Given the rate at which these houses gobbled timber, the English were already managing their forests for harvesting by 1200. Even so, over the next few centuries, the island famed for Sherwood Forest became the sparsely wooded place it is today.
Fast forward to America during the postwar Baby Boom era. Houses are constructed with a light framework of slender wooden studs, doing away with the need for heavy timber. It’s a relatively efficient system — an average house of 1950 uses about 9,000 board feet of framing lumber, or about 9 board feet per square foot (a board foot is a hypothetical quantity of lumber 12 inches by 12 inches by 1 inch thick). At a crude average of perhaps 200 board feet per tree, this means we cut down something on the order of 45 trees — mostly softwoods — to build a house. No matter how we, er, slice it, it’s quite a bit less lumber than your average English house of the Middle Ages required.
But fast forward once again to the present, and you find a strange irony: Today, even though we manage to use even less lumber per square foot than in 1950 — only about 8 board feet — the amount of wood we use has nearly doubled, to about 17,000 board feet per house. That’s back up to about 85 trees — even more than were used during the Middle Ages. What gives?
For one thing, modern building codes require wood-framed structures to withstand much higher wind and earthquake forces than before, and that takes more lumber and plywood. For another, houses also have more rooms, and hence more interior walls.
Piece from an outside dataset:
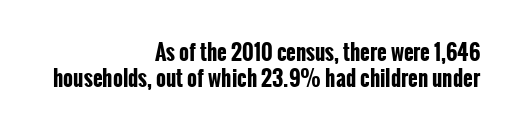
The image shows 21 px bold type, upright; set right-aligned, line spacing 1.22x, normal letter spacing, not underlined.
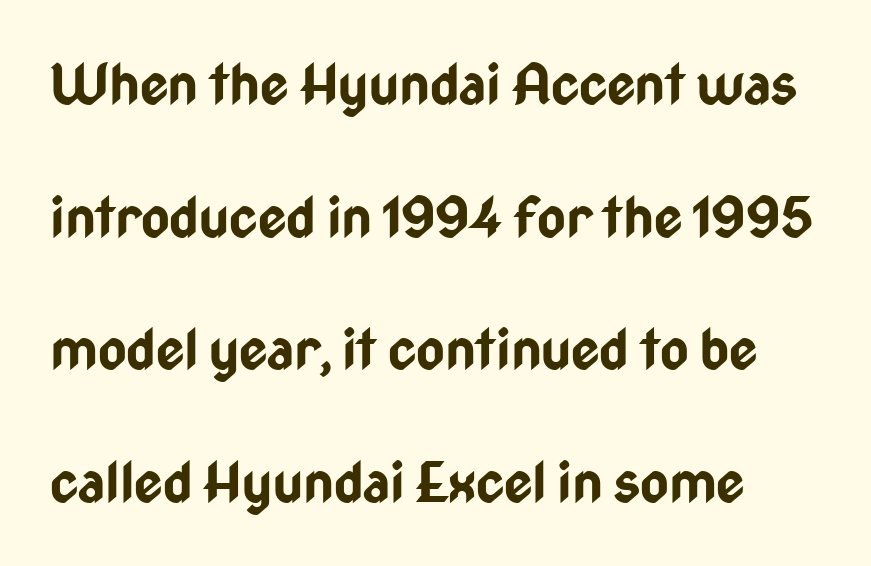
The image shows 55 px bold, condensed sans-serif type, upright; set loose line spacing (2.41x), normal letter spacing, not underlined; low stroke contrast and a medium x-height.

But the main reason we’re back to gobbling wood is simply this: Today’s average house is much bigger — over double the size of a typical house of 1950. In short, we’ve wiped out all the gains we’ve made in using wood more efficiently, simply by using a whole lot more of it.
Now, one bright spot in cutting down so many of England’s oaks is that some wonderful houses of the Middle Ages are still with us. How many McMansions will still be standing in 2500 A.D.?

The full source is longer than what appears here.